» **WHAT TO DO**: For each record below, set it down exactly but leave out any picture.
#### EXERCISE INPUT
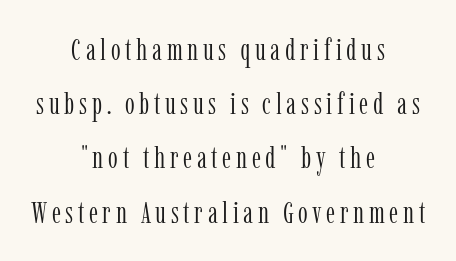
Q: Is the text bold? A: No.
Q: Is the text italic (slanted)? A: No, it is upright.
Q: Is the typeface a serif or a sans-serif typeface? A: Serif.
Q: Is the text underlined? A: No.
Q: How is the paragraph aligned? A: Centered.
Q: Width (condensed, normal, or wide)? A: Condensed.
Q: Stroke contrast? A: Low.
Q: x-height? A: Medium.
Q: Monospaced? A: No.
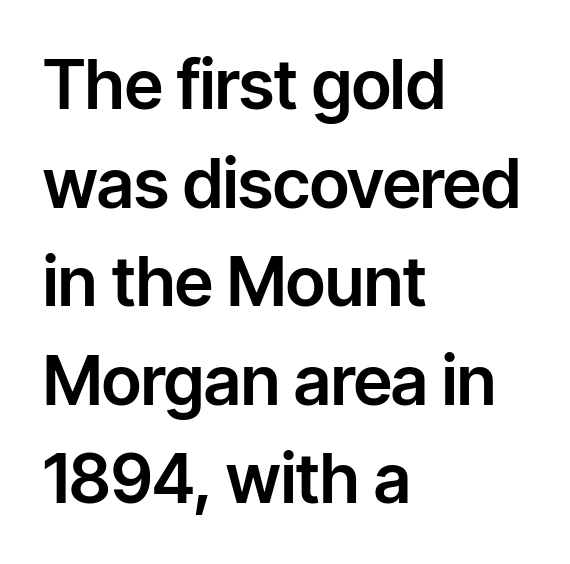
The image shows 68 px sans-serif type, upright; set left-aligned, normal line spacing (1.45x), normal letter spacing, not underlined; low stroke contrast and a medium x-height.
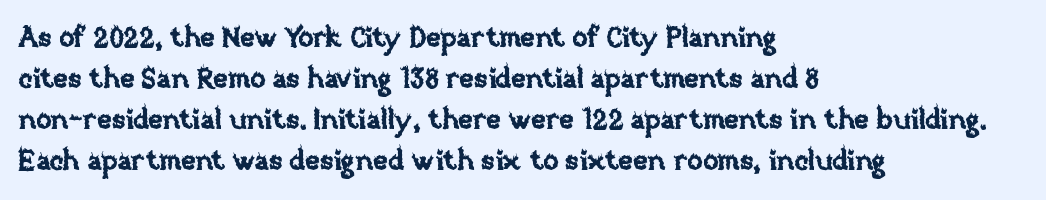
{"italic": "no", "width": "normal", "stroke_contrast": "low", "x_height": "large", "monospaced": "no", "underline": "no", "align": "left", "line_spacing": "normal", "line_spacing_ratio": 1.47, "letter_spacing": "normal", "letter_spacing_em": 0.0, "glyph_px": 28}
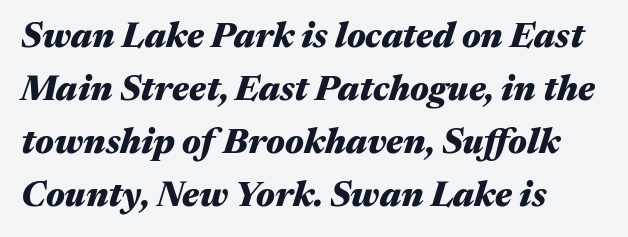
Q: Is the text bold? A: Yes.
Q: Is the text italic (slanted)? A: Yes, it leans right by about 17 degrees.
Q: Is the text underlined? A: No.
Q: How is the paragraph aligned? A: Left-aligned.
Q: Is the spacing between letters normal or unusually wide? A: Normal.
Q: Is the spacing between lines tight, normal or loose? A: Normal.
Q: Width (condensed, normal, or wide)? A: Wide.
Q: Stroke contrast? A: Medium.
Q: x-height? A: Medium.
Q: Monospaced? A: No.
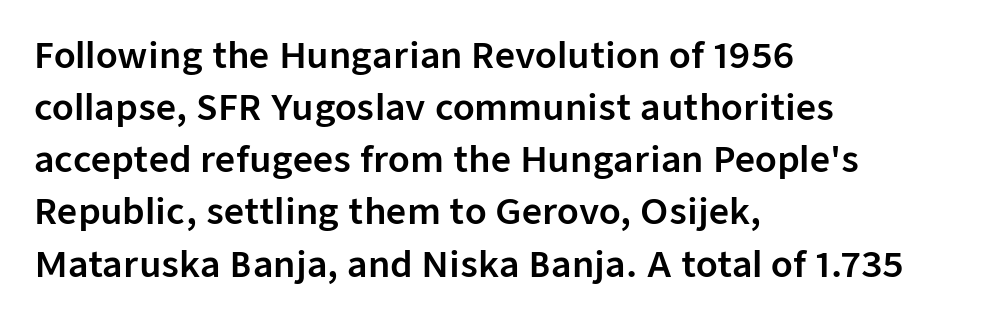
Q: Is the text italic (slanted)? A: No, it is upright.
Q: Is the typeface a serif or a sans-serif typeface? A: Sans-serif.
Q: Is the text underlined? A: No.
Q: How is the paragraph aligned? A: Left-aligned.
Q: Is the spacing between letters normal or unusually wide? A: Normal.
Q: Is the spacing between lines tight, normal or loose? A: Normal.
Q: Width (condensed, normal, or wide)? A: Normal.
Q: Stroke contrast? A: Low.
Q: x-height? A: Medium.
Q: Monospaced? A: No.
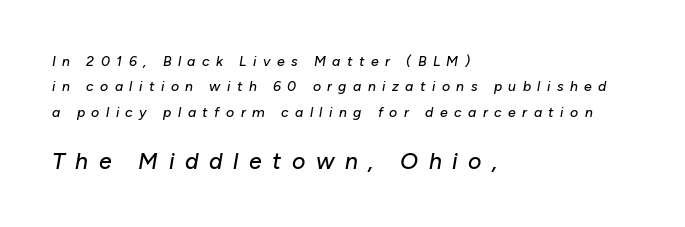
The image shows 23 px text type, italic (leaning right); set left-aligned, line spacing 1.82x, unusually wide letter spacing (+0.46 em), not underlined; the second (bottom) block is 1.64x larger.
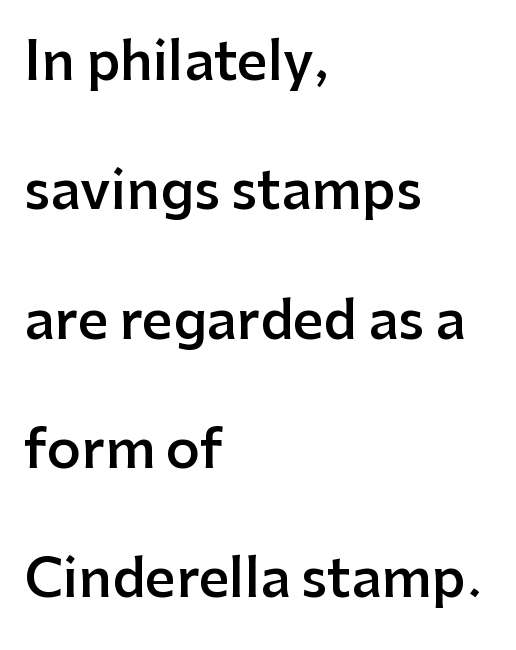
The image shows 53 px semibold sans-serif type, upright; set left-aligned, loose line spacing (2.44x), normal letter spacing, not underlined; low stroke contrast and a medium x-height.
########
» **SOLUTION FOR THIS TASK**:
Q: Is the text bold? A: No.
Q: Is the text italic (slanted)? A: No, it is upright.
Q: Is the typeface a serif or a sans-serif typeface? A: Serif.
Q: Is the text underlined? A: No.
Q: How is the paragraph aligned? A: Centered.
Q: Width (condensed, normal, or wide)? A: Condensed.
Q: Stroke contrast? A: Low.
Q: x-height? A: Medium.
Q: Monospaced? A: No.
The image shows 68 px sans-serif type, upright; set left-aligned, normal line spacing (1.45x), normal letter spacing, not underlined; low stroke contrast and a medium x-height.
{"italic": "no", "width": "normal", "stroke_contrast": "low", "x_height": "large", "monospaced": "no", "underline": "no", "align": "left", "line_spacing": "normal", "line_spacing_ratio": 1.47, "letter_spacing": "normal", "letter_spacing_em": 0.0, "glyph_px": 28}
Q: Is the text bold? A: Yes.
Q: Is the text italic (slanted)? A: Yes, it leans right by about 17 degrees.
Q: Is the text underlined? A: No.
Q: How is the paragraph aligned? A: Left-aligned.
Q: Is the spacing between letters normal or unusually wide? A: Normal.
Q: Is the spacing between lines tight, normal or loose? A: Normal.
Q: Width (condensed, normal, or wide)? A: Wide.
Q: Stroke contrast? A: Medium.
Q: x-height? A: Medium.
Q: Monospaced? A: No.
Q: Is the text italic (slanted)? A: No, it is upright.
Q: Is the typeface a serif or a sans-serif typeface? A: Sans-serif.
Q: Is the text underlined? A: No.
Q: How is the paragraph aligned? A: Left-aligned.
Q: Is the spacing between letters normal or unusually wide? A: Normal.
Q: Is the spacing between lines tight, normal or loose? A: Normal.
Q: Width (condensed, normal, or wide)? A: Normal.
Q: Stroke contrast? A: Low.
Q: x-height? A: Medium.
Q: Monospaced? A: No.
The image shows 23 px text type, italic (leaning right); set left-aligned, line spacing 1.82x, unusually wide letter spacing (+0.46 em), not underlined; the second (bottom) block is 1.64x larger.
The image shows 53 px semibold sans-serif type, upright; set left-aligned, loose line spacing (2.44x), normal letter spacing, not underlined; low stroke contrast and a medium x-height.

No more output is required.